Ms Warren waded into the contentious debate during a town hall hosted by CNN, saying that she would take action as president to remove the divisive symbol — regardless of the argument that the flag celebrates heritage, not hate.
“As a presidential hopeful, do you have any plans on addressing the removal, or lack thereof, of the reminders of the nation’s dark past, or have any plans on preserving the nation’s history in a way that explains it in a more education sense versus showing praise to the losing side?” an audience member asked.
Ms Warren responded forcefully, saying she would “support removing Confederate celebrations from federal land and putting them in museums, where they belong”.
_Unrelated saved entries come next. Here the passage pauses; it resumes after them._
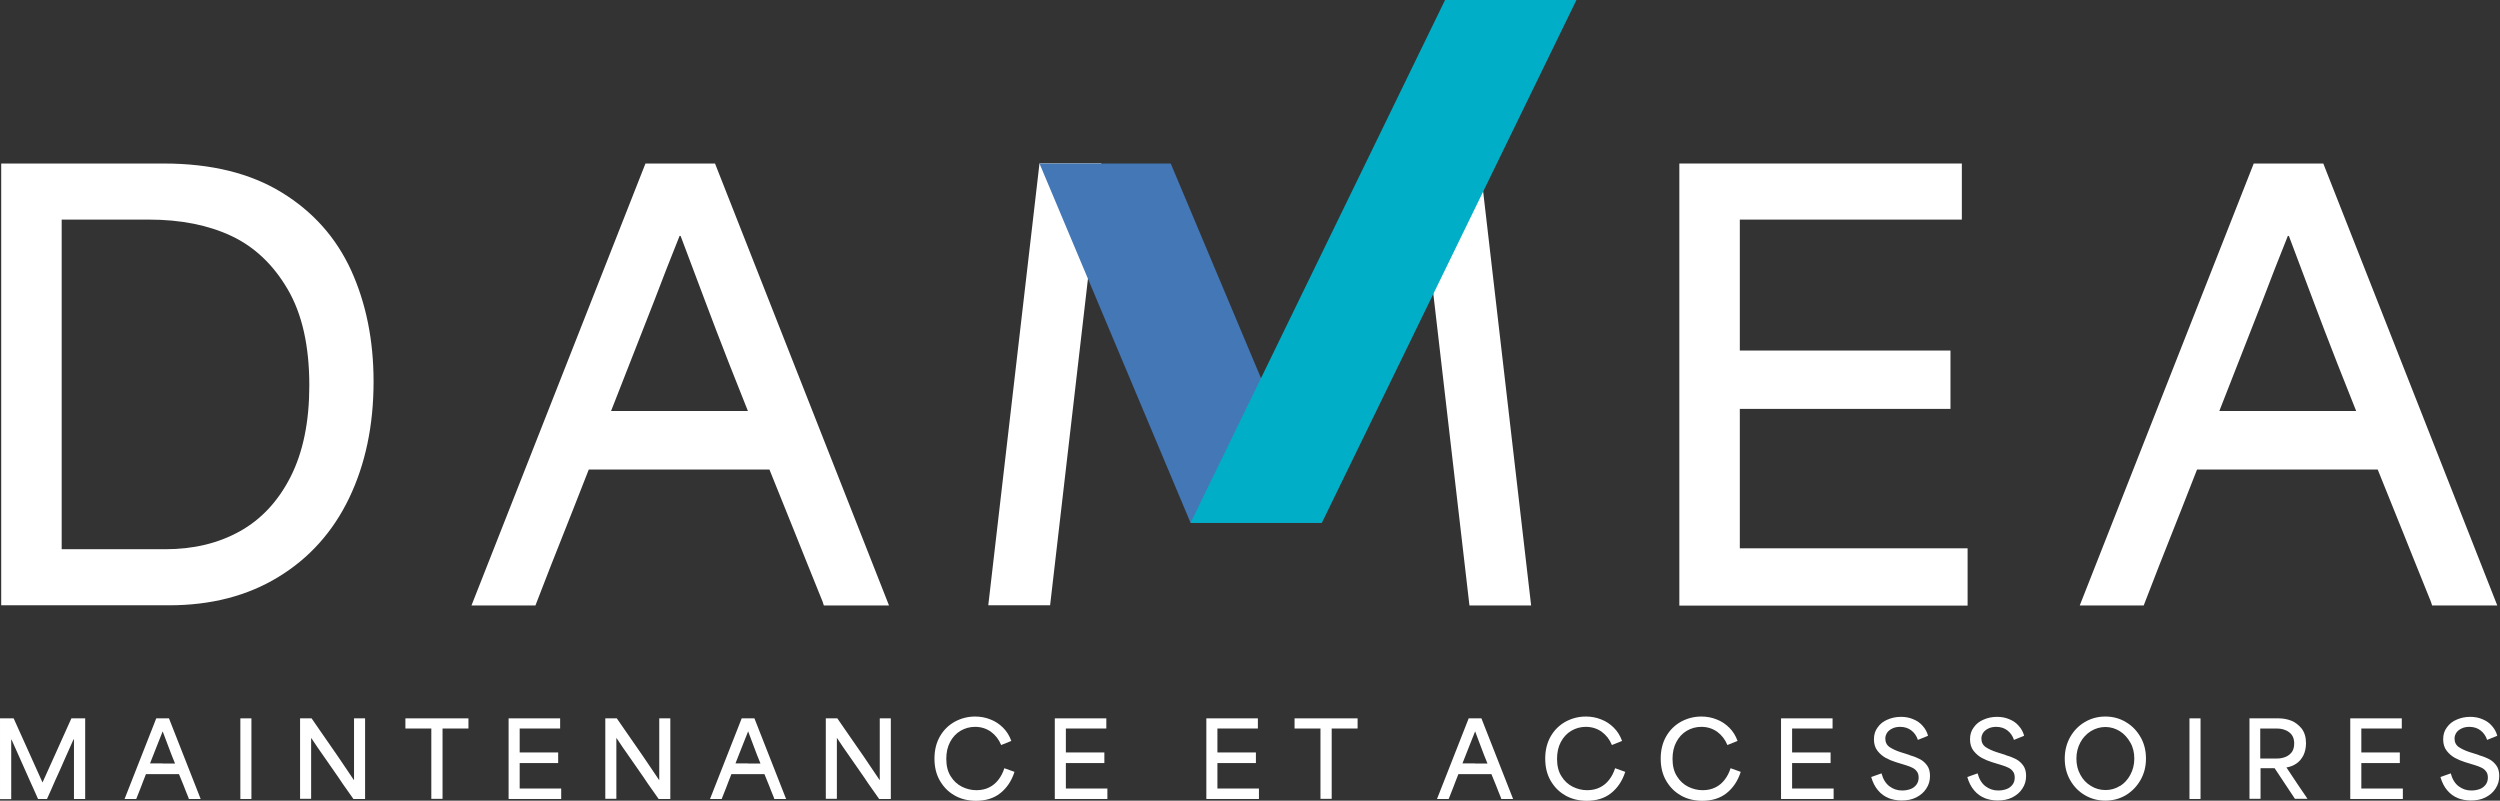 <?xml version="1.0" encoding="UTF-8"?>
<svg id="Calque_2" data-name="Calque 2" xmlns="http://www.w3.org/2000/svg" viewBox="0 0 164.96 52.83">
  <rect x="0" y="0" width="164.96" height="52.83" fill="#333333" stroke="none"/>
  <defs>
    <style>
      .cls-1 {
        fill: #fff;
      }

      .cls-2 {
        fill: #4377b5;
      }

      .cls-3 {
        fill: #00afc7;
      }
    </style>
  </defs>
  <g id="FOOTER">
    <g>
      <g>
        <path class="cls-1" d="M.08,10.79h10.73c3.12,0,5.71.64,7.78,1.91,2.07,1.27,3.59,2.98,4.58,5.14.98,2.16,1.48,4.6,1.48,7.34,0,2.89-.54,5.45-1.61,7.68-1.07,2.23-2.63,3.97-4.67,5.21-2.04,1.25-4.45,1.87-7.21,1.87H.08V10.79ZM4.38,36.24h6.54c1.84,0,3.48-.39,4.9-1.18s2.54-1.99,3.36-3.61c.82-1.62,1.23-3.63,1.23-6.02,0-2.59-.47-4.7-1.42-6.33-.95-1.63-2.19-2.81-3.72-3.53s-3.35-1.08-5.44-1.08h-5.76v21.75h.3Z"/>
        <path class="cls-1" d="M42.58,10.79h4.6l11.48,29.16h-4.3c-.05-.17-.11-.35-.19-.52-.77-1.92-1.35-3.34-1.72-4.28-.37-.93-.93-2.32-1.68-4.17h-11.92c-.8,2.04-1.39,3.55-1.78,4.52-.39.97-.97,2.45-1.74,4.45h-4.22l11.48-29.16ZM44.86,27.12h4.49l-1.23-3.1c-.62-1.59-1.14-2.94-1.55-4.04s-.97-2.57-1.66-4.41h-.07c-.57,1.42-1.13,2.85-1.68,4.3-.95,2.42-1.89,4.84-2.84,7.25h4.56Z"/>
        <path class="cls-1" d="M69.28,39.94h-4.07l3.38-29.16h4.08l-3.38,29.16ZM93.58,10.79h4.07l3.38,29.16h-4.07l-3.38-29.16Z"/>
        <path class="cls-1" d="M110.8,10.79h18.65v3.7h-14.65v8.64h13.9v3.85h-13.9v9.2h15.03v3.78h-19.02V10.79Z"/>
        <path class="cls-1" d="M148.7,10.79h4.6l11.48,29.16h-4.3c-.05-.17-.11-.35-.19-.52-.77-1.92-1.35-3.34-1.72-4.28-.37-.93-.93-2.32-1.68-4.17h-11.92c-.8,2.04-1.39,3.55-1.78,4.52-.39.97-.97,2.45-1.74,4.45h-4.22l11.48-29.16ZM150.98,27.12h4.49l-1.23-3.1c-.62-1.59-1.14-2.94-1.55-4.04s-.97-2.57-1.66-4.41h-.07c-.57,1.42-1.13,2.85-1.68,4.3-.95,2.42-1.89,4.84-2.84,7.25h4.56Z"/>
      </g>
      <polygon class="cls-2" points="87.22 34.5 77.25 10.79 68.59 10.79 78.56 34.5 87.22 34.5"/>
      <polygon class="cls-3" points="78.56 34.5 95.35 0 104.02 0 87.22 34.5 78.56 34.5"/>
      <g>
        <path class="cls-1" d="M0,47.4h.9c.43.95.75,1.66.96,2.13.21.47.52,1.16.94,2.09h.01c.43-.95.75-1.66.96-2.13s.52-1.16.94-2.09h.91v5.32h-.74v-3.93h-.03c-.25.56-.45,1.01-.61,1.37-.15.35-.35.8-.6,1.34-.11.25-.2.46-.27.62-.07.16-.16.36-.27.6h-.59c-.13-.29-.22-.5-.28-.63-.06-.14-.15-.34-.28-.62-.27-.6-.47-1.05-.6-1.35-.13-.3-.33-.74-.59-1.32h-.02v3.93h-.74v-5.32Z"/>
        <path class="cls-1" d="M10.31,47.4h.84l2.09,5.32h-.78s-.02-.06-.03-.1c-.14-.35-.25-.61-.31-.78-.07-.17-.17-.42-.31-.76h-2.18c-.15.37-.25.65-.32.83-.07.18-.18.45-.32.81h-.77l2.09-5.32ZM10.73,50.38h.82l-.23-.57c-.11-.29-.21-.54-.28-.74-.08-.2-.18-.47-.3-.8h-.01c-.1.26-.21.52-.31.78-.17.44-.35.88-.52,1.32h.83Z"/>
        <path class="cls-1" d="M15.86,47.4h.73v5.32h-.73v-5.32Z"/>
        <path class="cls-1" d="M19.79,47.4h.77c.31.44.51.73.6.87.36.52.74,1.07,1.13,1.63.39.57.74,1.09,1.06,1.57h.01v-4.07h.73v5.32h-.77c-.2-.29-.37-.53-.5-.71-.13-.18-.29-.41-.48-.7-.3-.43-.6-.87-.91-1.31-.31-.44-.61-.87-.89-1.3h-.01v4.01h-.73v-5.32Z"/>
        <path class="cls-1" d="M27.6,48.07h-.85v-.67h4.16v.67h-1.71v4.64h-.74v-4.64h-.86Z"/>
        <path class="cls-1" d="M33.56,47.4h3.4v.67h-2.67v1.58h2.54v.7h-2.54v1.68h2.74v.69h-3.47v-5.32Z"/>
        <path class="cls-1" d="M39.93,47.4h.77c.31.44.51.73.6.87.36.52.74,1.07,1.13,1.63.39.57.74,1.09,1.06,1.57h.01v-4.07h.73v5.32h-.77c-.2-.29-.37-.53-.5-.71-.13-.18-.29-.41-.48-.7-.3-.43-.6-.87-.91-1.31-.31-.44-.61-.87-.89-1.3h-.01v4.01h-.73v-5.32Z"/>
        <path class="cls-1" d="M48.94,47.4h.84l2.09,5.32h-.78s-.02-.06-.03-.1c-.14-.35-.25-.61-.31-.78-.07-.17-.17-.42-.31-.76h-2.18c-.15.37-.25.65-.32.83-.07.18-.18.45-.32.81h-.77l2.09-5.32ZM49.36,50.38h.82l-.23-.57c-.11-.29-.21-.54-.28-.74-.08-.2-.18-.47-.3-.8h-.01c-.1.26-.21.52-.31.78-.17.44-.35.88-.52,1.32h.83Z"/>
        <path class="cls-1" d="M54.48,47.4h.77c.31.44.51.73.6.87.36.52.74,1.07,1.13,1.63.39.57.74,1.09,1.06,1.57h.01v-4.07h.73v5.32h-.77c-.2-.29-.37-.53-.5-.71-.13-.18-.29-.41-.48-.7-.3-.43-.6-.87-.91-1.31-.31-.44-.61-.87-.89-1.3h-.01v4.01h-.73v-5.32Z"/>
        <path class="cls-1" d="M62.98,52.48c-.41-.23-.73-.56-.97-.98s-.35-.9-.35-1.45.12-1.04.36-1.46c.24-.42.57-.74.98-.97.41-.22.85-.34,1.34-.34.35,0,.69.06,1.01.19.32.12.6.31.84.55.24.24.42.53.54.87l-.67.27c-.15-.37-.38-.66-.68-.88-.3-.21-.65-.32-1.04-.32-.35,0-.67.09-.96.26-.29.17-.52.42-.69.74s-.25.69-.25,1.11c0,.45.09.84.29,1.15.19.31.44.54.74.69.3.15.62.23.96.23.31,0,.59-.06.83-.18.25-.12.45-.29.62-.51.17-.22.3-.47.39-.76l.67.24c-.19.6-.51,1.07-.94,1.41s-.97.5-1.6.5c-.53,0-1-.12-1.41-.35Z"/>
        <path class="cls-1" d="M69.6,47.4h3.4v.67h-2.67v1.58h2.54v.7h-2.54v1.68h2.74v.69h-3.47v-5.32Z"/>
        <path class="cls-1" d="M79.6,47.4h3.4v.67h-2.67v1.58h2.54v.7h-2.54v1.68h2.74v.69h-3.47v-5.32Z"/>
        <path class="cls-1" d="M86.27,48.07h-.85v-.67h4.16v.67h-1.71v4.64h-.74v-4.64h-.86Z"/>
        <path class="cls-1" d="M96.91,47.4h.84l2.09,5.32h-.78s-.02-.06-.03-.1c-.14-.35-.25-.61-.31-.78-.07-.17-.17-.42-.31-.76h-2.18c-.15.37-.25.65-.32.83-.07.18-.18.45-.32.81h-.77l2.09-5.32ZM97.33,50.38h.82l-.23-.57c-.11-.29-.21-.54-.28-.74-.08-.2-.18-.47-.3-.8h-.01c-.1.26-.21.52-.31.78-.17.44-.35.88-.52,1.32h.83Z"/>
        <path class="cls-1" d="M103.28,52.48c-.41-.23-.73-.56-.97-.98s-.35-.9-.35-1.45.12-1.04.36-1.46c.24-.42.57-.74.98-.97.41-.22.85-.34,1.34-.34.35,0,.69.06,1.01.19.32.12.6.31.84.55.24.24.42.53.54.87l-.67.27c-.15-.37-.38-.66-.68-.88-.3-.21-.65-.32-1.04-.32-.35,0-.67.09-.96.26-.29.17-.52.42-.69.74s-.25.69-.25,1.11c0,.45.09.84.29,1.15.19.31.44.54.74.69.3.15.62.23.96.23.31,0,.59-.06.83-.18.25-.12.45-.29.62-.51.17-.22.3-.47.39-.76l.67.24c-.19.6-.51,1.07-.94,1.41s-.97.5-1.6.5c-.53,0-1-.12-1.41-.35Z"/>
        <path class="cls-1" d="M110.9,52.48c-.41-.23-.73-.56-.97-.98s-.35-.9-.35-1.45.12-1.04.36-1.46c.24-.42.57-.74.98-.97.41-.22.85-.34,1.34-.34.35,0,.69.06,1.01.19.32.12.6.31.84.55.24.24.42.53.54.87l-.67.27c-.15-.37-.38-.66-.68-.88-.3-.21-.65-.32-1.04-.32-.35,0-.67.09-.96.26-.29.17-.52.42-.69.74s-.25.69-.25,1.11c0,.45.09.84.29,1.15.19.31.44.54.74.69.3.15.62.23.96.23.31,0,.59-.06.83-.18.25-.12.45-.29.62-.51.17-.22.3-.47.39-.76l.67.24c-.19.6-.51,1.07-.94,1.41s-.97.5-1.6.5c-.53,0-1-.12-1.41-.35Z"/>
        <path class="cls-1" d="M117.52,47.4h3.4v.67h-2.67v1.58h2.54v.7h-2.54v1.68h2.74v.69h-3.47v-5.32Z"/>
        <path class="cls-1" d="M124.64,52.67c-.28-.11-.52-.28-.72-.52-.2-.23-.35-.53-.45-.88l.68-.24c.1.38.28.67.52.85.25.19.53.28.84.28.19,0,.37-.03.54-.09.17-.06.3-.16.4-.29s.15-.29.15-.47c0-.17-.04-.31-.12-.41-.08-.11-.18-.19-.31-.25-.12-.06-.28-.12-.48-.18-.03-.01-.07-.02-.1-.03l-.49-.15c-.25-.08-.47-.17-.67-.28-.2-.11-.38-.26-.54-.46-.16-.2-.24-.46-.24-.77s.08-.57.25-.79c.16-.23.38-.4.65-.51.27-.12.57-.18.88-.18.3,0,.57.05.82.16.25.1.46.25.62.44.17.19.29.41.35.65l-.67.27c-.09-.27-.24-.48-.44-.63-.2-.15-.44-.23-.73-.23-.19,0-.35.03-.5.1s-.26.15-.35.27c-.08.12-.13.25-.13.4,0,.25.1.44.29.57.2.13.44.24.72.33,0,0,0,0,0,0,0,0,0,0,0,0l.54.17s.08.03.12.05c.25.07.46.16.63.25s.33.23.46.41c.13.18.19.41.19.69,0,.31-.08.59-.25.84-.16.25-.39.44-.67.58-.28.14-.6.2-.96.2-.31,0-.61-.06-.89-.17Z"/>
        <path class="cls-1" d="M130.98,52.67c-.28-.11-.52-.28-.72-.52-.2-.23-.35-.53-.45-.88l.68-.24c.1.38.28.67.52.85.25.19.53.28.84.28.19,0,.37-.03.54-.09.17-.06.3-.16.4-.29s.15-.29.15-.47c0-.17-.04-.31-.12-.41-.08-.11-.18-.19-.31-.25-.12-.06-.28-.12-.48-.18-.03-.01-.07-.02-.1-.03l-.49-.15c-.25-.08-.47-.17-.67-.28-.2-.11-.38-.26-.54-.46-.16-.2-.24-.46-.24-.77s.08-.57.25-.79c.16-.23.38-.4.65-.51.27-.12.57-.18.88-.18.3,0,.57.05.82.16.25.1.46.25.62.44.17.19.29.41.35.65l-.67.27c-.09-.27-.24-.48-.44-.63-.2-.15-.44-.23-.73-.23-.19,0-.35.03-.5.1s-.26.15-.35.27c-.08.12-.13.25-.13.4,0,.25.1.44.29.57.2.13.44.24.72.33,0,0,0,0,0,0,0,0,0,0,0,0l.54.17s.08.03.12.05c.25.07.46.16.63.25s.33.23.46.41c.13.18.19.41.19.69,0,.31-.08.59-.25.84-.16.25-.39.44-.67.58-.28.14-.6.2-.96.2-.31,0-.61-.06-.89-.17Z"/>
        <path class="cls-1" d="M137.57,52.47c-.41-.24-.73-.57-.97-.99-.24-.42-.36-.89-.36-1.42s.12-1,.36-1.43c.24-.42.56-.75.97-.99.41-.24.86-.36,1.35-.36s.95.12,1.36.37c.41.24.73.58.97,1,.24.42.35.89.35,1.41s-.12.99-.36,1.41c-.24.42-.56.75-.97,1-.41.24-.86.36-1.35.36s-.94-.12-1.35-.36ZM139.88,51.87c.29-.18.52-.43.69-.75s.26-.67.26-1.06-.08-.75-.26-1.06-.4-.57-.69-.75-.61-.28-.95-.28-.66.09-.96.27c-.29.18-.53.43-.7.75-.17.32-.26.67-.26,1.06s.08.75.26,1.07c.17.32.4.56.7.74.29.18.61.27.96.27s.66-.09.95-.27Z"/>
        <path class="cls-1" d="M144.47,47.4h.73v5.32h-.73v-5.32Z"/>
        <path class="cls-1" d="M148.41,47.4h1.95c.28,0,.56.05.82.15.26.1.49.28.69.52.19.25.29.57.29.97,0,.3-.06.57-.17.8-.12.23-.27.41-.46.54-.19.13-.41.22-.66.26h0c.24.36.47.71.71,1.07.24.35.46.68.68,1h-.83l-1.34-2.02h-.93v2.02h-.73v-5.32ZM149.7,50.05h.55c.21,0,.4-.04.57-.11s.3-.18.41-.32c.1-.15.15-.33.15-.56,0-.33-.11-.58-.33-.74-.22-.17-.5-.25-.82-.25h-1.09v1.98h.56Z"/>
        <path class="cls-1" d="M155.08,47.4h3.4v.67h-2.67v1.58h2.54v.7h-2.54v1.68h2.74v.69h-3.47v-5.32Z"/>
        <path class="cls-1" d="M162.2,52.67c-.28-.11-.52-.28-.72-.52-.2-.23-.35-.53-.45-.88l.68-.24c.1.38.28.67.52.85.25.19.53.28.84.28.19,0,.37-.03.54-.09.17-.06.3-.16.4-.29s.15-.29.15-.47c0-.17-.04-.31-.12-.41-.08-.11-.18-.19-.31-.25-.12-.06-.28-.12-.48-.18-.03-.01-.07-.02-.1-.03l-.49-.15c-.25-.08-.47-.17-.67-.28-.2-.11-.38-.26-.54-.46-.16-.2-.24-.46-.24-.77s.08-.57.25-.79c.16-.23.38-.4.65-.51.27-.12.57-.18.88-.18.3,0,.57.05.82.16.25.1.46.25.62.44.17.19.29.41.35.65l-.67.27c-.09-.27-.24-.48-.44-.63-.2-.15-.44-.23-.73-.23-.19,0-.35.03-.5.1s-.26.15-.35.27c-.08.12-.13.25-.13.4,0,.25.1.44.29.57.2.13.44.24.72.33,0,0,0,0,0,0,0,0,0,0,0,0l.54.17s.08.03.12.05c.25.07.46.16.63.25s.33.23.46.41c.13.18.19.41.19.69,0,.31-.08.59-.25.84-.16.25-.39.44-.67.58-.28.14-.6.2-.96.2-.31,0-.61-.06-.89-.17Z"/>
      </g>
    </g>
  </g>
</svg>

The Confederate flag has re-emerged in national debate over the past few years as advocates have urged leaders to remove the symbol, which was flown by the Confederate army during the Civil War.
The issue gained particular salience following the 2015 church shooting in Charleston, South Carolina, and again following the 2017 white supremacist demonstrations in Charlottesville, Virginia.
In response to the Charlottesville protest — which were organised in support of a Confederate monument, and left one counter-demonstrator dead — Donald Trump suggested that there were good people on both sides of the demonstrations, and refused to denounce white supremacy.
That apparent refusal to denounce white supremacy resulted in widespread criticism, and added fuel to the effort in localities across the country to remove the monuments and symbols of hate that the confederacy often represents.